Até então, a inserção do tema “Holocausto” nos currículos escolares brasileiros de forma obrigatória ocorria por meio de legislação específica, produto da ação política de grupos externos ao campo educacional. Agora, é importante destacar que o Brasil passa a cumprir de forma abrangente a Resolução 607 da ONU, aprovada pela Assembleia Geral em novembro de 2005. Além da adoção do dia 27 de janeiro como Dia Internacional em Memória às Vítimas do Holocausto, determinou-se que os países-membros desenvolvessem programas educacionais que incluíssem as lições do Holocausto para as gerações futuras, prevenindo atos de genocídio e grandes violações de direitos humanos. Ponto para o Brasil.

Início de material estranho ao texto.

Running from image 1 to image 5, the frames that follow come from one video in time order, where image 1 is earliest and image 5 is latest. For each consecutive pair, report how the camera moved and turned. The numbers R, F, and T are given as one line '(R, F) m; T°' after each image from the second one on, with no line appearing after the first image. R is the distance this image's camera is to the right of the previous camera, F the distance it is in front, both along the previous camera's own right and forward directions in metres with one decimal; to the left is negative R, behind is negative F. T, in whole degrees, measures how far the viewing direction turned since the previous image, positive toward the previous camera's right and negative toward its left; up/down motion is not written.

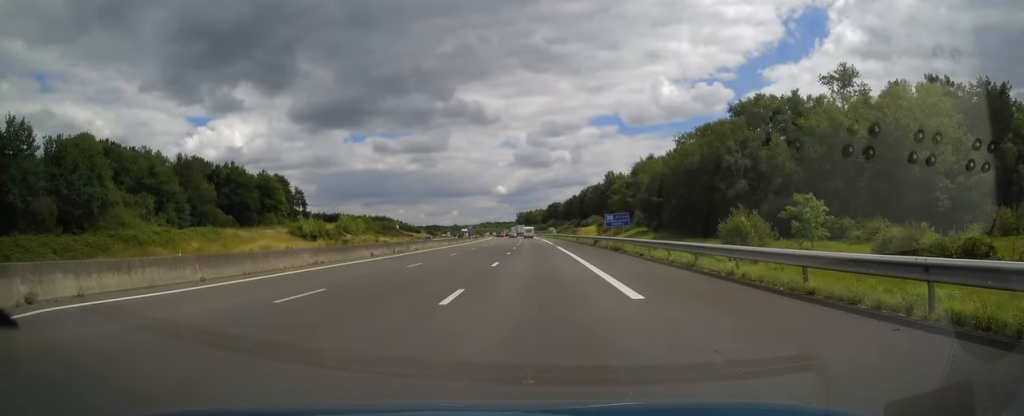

Engana-se, porém, quem acredita que nossos problemas terminaram. O desafio começa agora, e estamos num momento crucial: que memória queremos construir? A capacitação de educadores é o caminho natural para que estas deliberações – tanto da ONU, quanto da Base Nacional Comum Curricular – não se tornem esquecidas em meio a tantas prioridades, sendo a luta contra o preconceito e a intolerância, sem dúvida, uma delas. É por isso que o Museu do Holocausto de Curitiba, em parceria com a Conib, exercerá um papel protagonista ao ajudar o MEC na formação de educadores em nível nacional. O foco é entender o Holocausto como uma advertência, e não um precedente. O ano de 2018 será crucial para que sejam discutidos e implementados estes projetos educativos. Ponto para o Brasil.

O principal objetivo de qualquer ação pedagógica sobre o Holocausto (ou Shoah) deve ser ajudar no processo de construção de uma memória coletiva universal. Significa lutar contra todo e qualquer tipo de ódio por meio de um episódio que deve ser inserido na memória coletiva de todo o planeta. Significa compreender que essas histórias fazem parte de toda a humanidade, e que não é necessário que eu ou minha família tenhamos passado por isso para concluirmos que faz parte da minha história. Significa criar empatia, resgatando e aproximando o máximo destas experiências da nova geração, causando empatia e trabalhando o valor da vida (e não da morte). Em suma, significa usar o genocídio como aprendizado em nossas vidas. Hoje.

O dia 27 de janeiro é sempre marcado pela lamentação às vítimas. Em 2018, além de solenizar, convidamos a refletir sobre o imenso passo dado pelo nosso país ao incluir a Shoah como tema obrigatório nas escolas. O Holocausto é uma ferramenta pedagógica poderosa, que certamente nos ajudará a construir uma sociedade mais justa, tolerante e preocupada com o futuro. Não faz sentido falar do passado sem mirar o futuro. Novamente, ponto para o Brasil.

Carlos Reiss é coordenador-geral do Museu do Holocausto de Curitiba, primeira instituição no Brasil que uniu os eixos de memória, educação e pesquisa com um projeto museológico permanente sobre a Shoah.